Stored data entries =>
####################
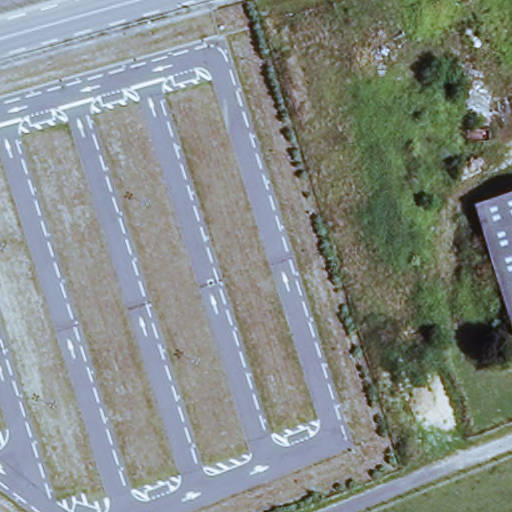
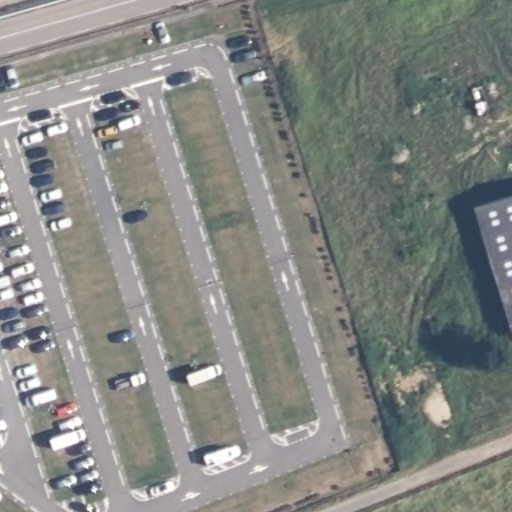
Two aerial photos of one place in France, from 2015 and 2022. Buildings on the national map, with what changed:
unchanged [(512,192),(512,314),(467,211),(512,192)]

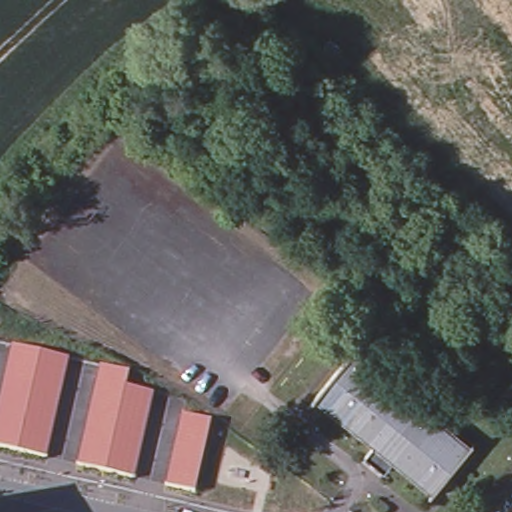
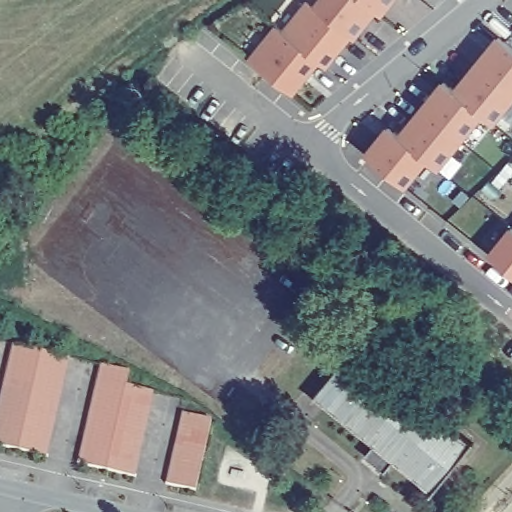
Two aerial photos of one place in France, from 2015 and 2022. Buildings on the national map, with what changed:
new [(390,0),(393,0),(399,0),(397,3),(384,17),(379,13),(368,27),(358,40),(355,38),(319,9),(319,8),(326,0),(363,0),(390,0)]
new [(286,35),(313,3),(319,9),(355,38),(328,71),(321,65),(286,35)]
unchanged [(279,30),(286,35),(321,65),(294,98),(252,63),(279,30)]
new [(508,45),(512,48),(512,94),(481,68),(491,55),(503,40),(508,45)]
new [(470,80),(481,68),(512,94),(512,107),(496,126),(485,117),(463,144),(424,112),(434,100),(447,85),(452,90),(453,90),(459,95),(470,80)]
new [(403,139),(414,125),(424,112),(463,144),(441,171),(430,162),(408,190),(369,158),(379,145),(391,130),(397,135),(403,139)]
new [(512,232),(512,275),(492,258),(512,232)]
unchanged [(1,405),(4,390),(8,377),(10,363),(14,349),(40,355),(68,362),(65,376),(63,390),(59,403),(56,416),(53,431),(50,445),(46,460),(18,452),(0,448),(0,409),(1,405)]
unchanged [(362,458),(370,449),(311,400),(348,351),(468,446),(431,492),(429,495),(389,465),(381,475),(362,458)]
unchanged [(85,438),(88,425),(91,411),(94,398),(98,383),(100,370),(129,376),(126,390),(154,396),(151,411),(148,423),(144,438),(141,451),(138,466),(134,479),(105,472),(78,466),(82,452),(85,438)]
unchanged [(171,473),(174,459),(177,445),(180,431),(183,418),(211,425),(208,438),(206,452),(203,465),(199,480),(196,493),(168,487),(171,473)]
####################
Problem statement => An exact transcription of the data above is needed, without the pictures.

Completed task =>
Two aerial photos of one place in France, from 2015 and 2022. Buildings on the national map, with what changed:
unchanged [(512,192),(512,314),(467,211),(512,192)]

Two aerial photos of one place in France, from 2015 and 2022. Buildings on the national map, with what changed:
new [(390,0),(393,0),(399,0),(397,3),(384,17),(379,13),(368,27),(358,40),(355,38),(319,9),(319,8),(326,0),(363,0),(390,0)]
new [(286,35),(313,3),(319,9),(355,38),(328,71),(321,65),(286,35)]
unchanged [(279,30),(286,35),(321,65),(294,98),(252,63),(279,30)]
new [(508,45),(512,48),(512,94),(481,68),(491,55),(503,40),(508,45)]
new [(470,80),(481,68),(512,94),(512,107),(496,126),(485,117),(463,144),(424,112),(434,100),(447,85),(452,90),(453,90),(459,95),(470,80)]
new [(403,139),(414,125),(424,112),(463,144),(441,171),(430,162),(408,190),(369,158),(379,145),(391,130),(397,135),(403,139)]
new [(512,232),(512,275),(492,258),(512,232)]
unchanged [(1,405),(4,390),(8,377),(10,363),(14,349),(40,355),(68,362),(65,376),(63,390),(59,403),(56,416),(53,431),(50,445),(46,460),(18,452),(0,448),(0,409),(1,405)]
unchanged [(362,458),(370,449),(311,400),(348,351),(468,446),(431,492),(429,495),(389,465),(381,475),(362,458)]
unchanged [(85,438),(88,425),(91,411),(94,398),(98,383),(100,370),(129,376),(126,390),(154,396),(151,411),(148,423),(144,438),(141,451),(138,466),(134,479),(105,472),(78,466),(82,452),(85,438)]
unchanged [(171,473),(174,459),(177,445),(180,431),(183,418),(211,425),(208,438),(206,452),(203,465),(199,480),(196,493),(168,487),(171,473)]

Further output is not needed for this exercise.